#### [REQUIREMENT]
This exercise calls for printing every record exactly once more.

Stored data entries
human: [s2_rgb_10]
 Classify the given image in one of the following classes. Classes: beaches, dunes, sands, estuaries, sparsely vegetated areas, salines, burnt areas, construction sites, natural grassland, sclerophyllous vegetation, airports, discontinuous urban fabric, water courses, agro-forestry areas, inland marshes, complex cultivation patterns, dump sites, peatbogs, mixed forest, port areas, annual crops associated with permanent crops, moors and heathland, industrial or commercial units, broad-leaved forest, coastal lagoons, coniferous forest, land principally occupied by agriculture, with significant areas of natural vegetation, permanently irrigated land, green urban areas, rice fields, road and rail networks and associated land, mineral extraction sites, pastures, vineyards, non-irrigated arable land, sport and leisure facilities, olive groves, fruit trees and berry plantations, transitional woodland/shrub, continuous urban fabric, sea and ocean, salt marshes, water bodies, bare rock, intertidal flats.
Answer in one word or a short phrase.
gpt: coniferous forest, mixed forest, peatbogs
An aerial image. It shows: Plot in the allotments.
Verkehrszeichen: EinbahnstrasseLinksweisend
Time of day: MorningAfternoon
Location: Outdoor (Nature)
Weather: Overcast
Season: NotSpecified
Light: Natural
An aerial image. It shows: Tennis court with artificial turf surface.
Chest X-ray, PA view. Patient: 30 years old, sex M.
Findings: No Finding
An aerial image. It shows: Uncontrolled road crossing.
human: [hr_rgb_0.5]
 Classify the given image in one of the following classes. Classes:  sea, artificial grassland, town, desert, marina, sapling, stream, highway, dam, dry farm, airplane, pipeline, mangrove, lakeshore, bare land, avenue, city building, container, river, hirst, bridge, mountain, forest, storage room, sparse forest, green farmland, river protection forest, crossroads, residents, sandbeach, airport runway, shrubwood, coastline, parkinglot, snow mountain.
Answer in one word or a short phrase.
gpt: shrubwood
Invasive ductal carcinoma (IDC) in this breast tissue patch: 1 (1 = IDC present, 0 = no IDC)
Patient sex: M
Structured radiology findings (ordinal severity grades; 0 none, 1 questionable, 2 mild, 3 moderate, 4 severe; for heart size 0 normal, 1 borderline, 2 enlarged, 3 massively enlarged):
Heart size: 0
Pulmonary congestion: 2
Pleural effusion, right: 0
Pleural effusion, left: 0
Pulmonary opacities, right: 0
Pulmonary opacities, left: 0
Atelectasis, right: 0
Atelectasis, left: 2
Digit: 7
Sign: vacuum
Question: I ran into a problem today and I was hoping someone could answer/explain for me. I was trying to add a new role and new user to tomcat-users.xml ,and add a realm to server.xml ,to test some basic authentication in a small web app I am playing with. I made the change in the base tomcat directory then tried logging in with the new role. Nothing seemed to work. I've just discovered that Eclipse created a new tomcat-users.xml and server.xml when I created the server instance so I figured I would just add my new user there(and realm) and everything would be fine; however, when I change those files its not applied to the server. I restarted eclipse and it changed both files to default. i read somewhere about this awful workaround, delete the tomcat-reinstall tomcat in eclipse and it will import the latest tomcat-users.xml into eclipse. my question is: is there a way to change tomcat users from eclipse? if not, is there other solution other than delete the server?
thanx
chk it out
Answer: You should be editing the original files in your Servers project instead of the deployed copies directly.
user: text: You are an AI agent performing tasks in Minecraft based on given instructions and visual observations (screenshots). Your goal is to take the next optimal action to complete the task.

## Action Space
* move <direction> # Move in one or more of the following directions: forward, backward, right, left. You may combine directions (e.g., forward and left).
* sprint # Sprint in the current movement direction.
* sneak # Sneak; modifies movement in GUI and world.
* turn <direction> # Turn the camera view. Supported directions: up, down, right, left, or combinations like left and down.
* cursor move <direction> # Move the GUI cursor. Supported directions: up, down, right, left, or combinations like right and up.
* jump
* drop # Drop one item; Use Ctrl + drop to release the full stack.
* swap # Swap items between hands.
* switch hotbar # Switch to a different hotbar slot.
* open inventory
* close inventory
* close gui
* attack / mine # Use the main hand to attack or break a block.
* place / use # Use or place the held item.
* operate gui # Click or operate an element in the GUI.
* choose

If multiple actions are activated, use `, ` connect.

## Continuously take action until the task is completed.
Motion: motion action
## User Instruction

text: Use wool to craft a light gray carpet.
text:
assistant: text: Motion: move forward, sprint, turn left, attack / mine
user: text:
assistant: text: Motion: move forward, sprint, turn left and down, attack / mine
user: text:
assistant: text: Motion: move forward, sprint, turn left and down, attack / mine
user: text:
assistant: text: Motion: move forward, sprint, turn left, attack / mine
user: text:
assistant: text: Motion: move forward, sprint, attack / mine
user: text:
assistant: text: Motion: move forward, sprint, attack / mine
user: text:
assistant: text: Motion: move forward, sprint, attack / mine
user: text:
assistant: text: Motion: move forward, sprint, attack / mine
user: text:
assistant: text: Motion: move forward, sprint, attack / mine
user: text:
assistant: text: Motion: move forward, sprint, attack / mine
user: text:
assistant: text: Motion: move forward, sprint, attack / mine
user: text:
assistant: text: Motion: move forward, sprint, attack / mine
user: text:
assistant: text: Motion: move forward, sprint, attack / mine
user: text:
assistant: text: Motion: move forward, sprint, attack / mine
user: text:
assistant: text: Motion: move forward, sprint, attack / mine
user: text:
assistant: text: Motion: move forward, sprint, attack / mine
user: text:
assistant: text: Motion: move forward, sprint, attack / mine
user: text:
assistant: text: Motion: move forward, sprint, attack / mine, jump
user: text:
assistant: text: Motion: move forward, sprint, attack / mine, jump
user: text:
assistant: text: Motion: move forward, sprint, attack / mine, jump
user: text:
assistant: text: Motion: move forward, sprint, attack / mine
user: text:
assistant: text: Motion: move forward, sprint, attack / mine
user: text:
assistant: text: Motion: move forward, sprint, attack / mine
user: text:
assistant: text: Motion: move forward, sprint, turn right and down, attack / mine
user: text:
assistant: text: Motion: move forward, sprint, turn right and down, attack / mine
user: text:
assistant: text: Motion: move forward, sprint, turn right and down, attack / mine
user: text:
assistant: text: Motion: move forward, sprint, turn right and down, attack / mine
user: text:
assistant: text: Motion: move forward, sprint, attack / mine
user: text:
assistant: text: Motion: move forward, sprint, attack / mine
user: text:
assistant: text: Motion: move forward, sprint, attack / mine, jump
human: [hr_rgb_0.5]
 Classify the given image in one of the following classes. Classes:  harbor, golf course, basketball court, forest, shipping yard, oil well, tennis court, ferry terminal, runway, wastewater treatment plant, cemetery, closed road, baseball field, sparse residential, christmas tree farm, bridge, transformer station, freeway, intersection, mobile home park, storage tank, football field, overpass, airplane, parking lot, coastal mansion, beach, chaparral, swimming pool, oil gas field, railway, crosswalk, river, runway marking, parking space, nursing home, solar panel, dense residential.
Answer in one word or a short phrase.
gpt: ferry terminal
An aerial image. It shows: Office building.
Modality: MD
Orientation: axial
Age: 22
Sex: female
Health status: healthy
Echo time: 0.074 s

#### [ANSWER FOR THE TASK]
human: [s2_rgb_10]
 Classify the given image in one of the following classes. Classes: beaches, dunes, sands, estuaries, sparsely vegetated areas, salines, burnt areas, construction sites, natural grassland, sclerophyllous vegetation, airports, discontinuous urban fabric, water courses, agro-forestry areas, inland marshes, complex cultivation patterns, dump sites, peatbogs, mixed forest, port areas, annual crops associated with permanent crops, moors and heathland, industrial or commercial units, broad-leaved forest, coastal lagoons, coniferous forest, land principally occupied by agriculture, with significant areas of natural vegetation, permanently irrigated land, green urban areas, rice fields, road and rail networks and associated land, mineral extraction sites, pastures, vineyards, non-irrigated arable land, sport and leisure facilities, olive groves, fruit trees and berry plantations, transitional woodland/shrub, continuous urban fabric, sea and ocean, salt marshes, water bodies, bare rock, intertidal flats.
Answer in one word or a short phrase.
gpt: coniferous forest, mixed forest, peatbogs
An aerial image. It shows: Plot in the allotments.
Verkehrszeichen: EinbahnstrasseLinksweisend
Time of day: MorningAfternoon
Location: Outdoor (Nature)
Weather: Overcast
Season: NotSpecified
Light: Natural
An aerial image. It shows: Tennis court with artificial turf surface.
Chest X-ray, PA view. Patient: 30 years old, sex M.
Findings: No Finding
An aerial image. It shows: Uncontrolled road crossing.
human: [hr_rgb_0.5]
 Classify the given image in one of the following classes. Classes:  sea, artificial grassland, town, desert, marina, sapling, stream, highway, dam, dry farm, airplane, pipeline, mangrove, lakeshore, bare land, avenue, city building, container, river, hirst, bridge, mountain, forest, storage room, sparse forest, green farmland, river protection forest, crossroads, residents, sandbeach, airport runway, shrubwood, coastline, parkinglot, snow mountain.
Answer in one word or a short phrase.
gpt: shrubwood
Invasive ductal carcinoma (IDC) in this breast tissue patch: 1 (1 = IDC present, 0 = no IDC)
Patient sex: M
Structured radiology findings (ordinal severity grades; 0 none, 1 questionable, 2 mild, 3 moderate, 4 severe; for heart size 0 normal, 1 borderline, 2 enlarged, 3 massively enlarged):
Heart size: 0
Pulmonary congestion: 2
Pleural effusion, right: 0
Pleural effusion, left: 0
Pulmonary opacities, right: 0
Pulmonary opacities, left: 0
Atelectasis, right: 0
Atelectasis, left: 2
Digit: 7
Sign: vacuum
Question: I ran into a problem today and I was hoping someone could answer/explain for me. I was trying to add a new role and new user to tomcat-users.xml ,and add a realm to server.xml ,to test some basic authentication in a small web app I am playing with. I made the change in the base tomcat directory then tried logging in with the new role. Nothing seemed to work. I've just discovered that Eclipse created a new tomcat-users.xml and server.xml when I created the server instance so I figured I would just add my new user there(and realm) and everything would be fine; however, when I change those files its not applied to the server. I restarted eclipse and it changed both files to default. i read somewhere about this awful workaround, delete the tomcat-reinstall tomcat in eclipse and it will import the latest tomcat-users.xml into eclipse. my question is: is there a way to change tomcat users from eclipse? if not, is there other solution other than delete the server?
thanx
chk it out
Answer: You should be editing the original files in your Servers project instead of the deployed copies directly.
user: text: You are an AI agent performing tasks in Minecraft based on given instructions and visual observations (screenshots). Your goal is to take the next optimal action to complete the task.

## Action Space
* move <direction> # Move in one or more of the following directions: forward, backward, right, left. You may combine directions (e.g., forward and left).
* sprint # Sprint in the current movement direction.
* sneak # Sneak; modifies movement in GUI and world.
* turn <direction> # Turn the camera view. Supported directions: up, down, right, left, or combinations like left and down.
* cursor move <direction> # Move the GUI cursor. Supported directions: up, down, right, left, or combinations like right and up.
* jump
* drop # Drop one item; Use Ctrl + drop to release the full stack.
* swap # Swap items between hands.
* switch hotbar # Switch to a different hotbar slot.
* open inventory
* close inventory
* close gui
* attack / mine # Use the main hand to attack or break a block.
* place / use # Use or place the held item.
* operate gui # Click or operate an element in the GUI.
* choose

If multiple actions are activated, use `, ` connect.

## Continuously take action until the task is completed.
Motion: motion action
## User Instruction

text: Use wool to craft a light gray carpet.
text:
assistant: text: Motion: move forward, sprint, turn left, attack / mine
user: text:
assistant: text: Motion: move forward, sprint, turn left and down, attack / mine
user: text:
assistant: text: Motion: move forward, sprint, turn left and down, attack / mine
user: text:
assistant: text: Motion: move forward, sprint, turn left, attack / mine
user: text:
assistant: text: Motion: move forward, sprint, attack / mine
user: text:
assistant: text: Motion: move forward, sprint, attack / mine
user: text:
assistant: text: Motion: move forward, sprint, attack / mine
user: text:
assistant: text: Motion: move forward, sprint, attack / mine
user: text:
assistant: text: Motion: move forward, sprint, attack / mine
user: text:
assistant: text: Motion: move forward, sprint, attack / mine
user: text:
assistant: text: Motion: move forward, sprint, attack / mine
user: text:
assistant: text: Motion: move forward, sprint, attack / mine
user: text:
assistant: text: Motion: move forward, sprint, attack / mine
user: text:
assistant: text: Motion: move forward, sprint, attack / mine
user: text:
assistant: text: Motion: move forward, sprint, attack / mine
user: text:
assistant: text: Motion: move forward, sprint, attack / mine
user: text:
assistant: text: Motion: move forward, sprint, attack / mine
user: text:
assistant: text: Motion: move forward, sprint, attack / mine, jump
user: text:
assistant: text: Motion: move forward, sprint, attack / mine, jump
user: text:
assistant: text: Motion: move forward, sprint, attack / mine, jump
user: text:
assistant: text: Motion: move forward, sprint, attack / mine
user: text:
assistant: text: Motion: move forward, sprint, attack / mine
user: text:
assistant: text: Motion: move forward, sprint, attack / mine
user: text:
assistant: text: Motion: move forward, sprint, turn right and down, attack / mine
user: text:
assistant: text: Motion: move forward, sprint, turn right and down, attack / mine
user: text:
assistant: text: Motion: move forward, sprint, turn right and down, attack / mine
user: text:
assistant: text: Motion: move forward, sprint, turn right and down, attack / mine
user: text:
assistant: text: Motion: move forward, sprint, attack / mine
user: text:
assistant: text: Motion: move forward, sprint, attack / mine
user: text:
assistant: text: Motion: move forward, sprint, attack / mine, jump
human: [hr_rgb_0.5]
 Classify the given image in one of the following classes. Classes:  harbor, golf course, basketball court, forest, shipping yard, oil well, tennis court, ferry terminal, runway, wastewater treatment plant, cemetery, closed road, baseball field, sparse residential, christmas tree farm, bridge, transformer station, freeway, intersection, mobile home park, storage tank, football field, overpass, airplane, parking lot, coastal mansion, beach, chaparral, swimming pool, oil gas field, railway, crosswalk, river, runway marking, parking space, nursing home, solar panel, dense residential.
Answer in one word or a short phrase.
gpt: ferry terminal
An aerial image. It shows: Office building.
Modality: MD
Orientation: axial
Age: 22
Sex: female
Health status: healthy
Echo time: 0.074 s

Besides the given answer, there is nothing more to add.